Dataset items:
————

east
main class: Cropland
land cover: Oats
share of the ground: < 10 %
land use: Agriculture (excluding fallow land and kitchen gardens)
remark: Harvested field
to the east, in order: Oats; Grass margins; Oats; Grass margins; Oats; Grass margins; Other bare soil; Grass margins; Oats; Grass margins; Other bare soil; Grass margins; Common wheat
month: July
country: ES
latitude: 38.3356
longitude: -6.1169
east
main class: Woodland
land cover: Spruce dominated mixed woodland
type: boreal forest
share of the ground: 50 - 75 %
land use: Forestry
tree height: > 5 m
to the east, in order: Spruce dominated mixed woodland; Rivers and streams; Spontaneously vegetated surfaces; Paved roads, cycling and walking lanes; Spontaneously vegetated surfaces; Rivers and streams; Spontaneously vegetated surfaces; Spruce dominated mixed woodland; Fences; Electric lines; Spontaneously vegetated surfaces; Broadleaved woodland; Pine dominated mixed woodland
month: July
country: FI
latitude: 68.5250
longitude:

————

Instructions to follow:
Only the lines above that include the word "ground" belong in the answer; copy each one.

Solution for this task:
share of the ground: < 10 %
share of the ground: 50 - 75 %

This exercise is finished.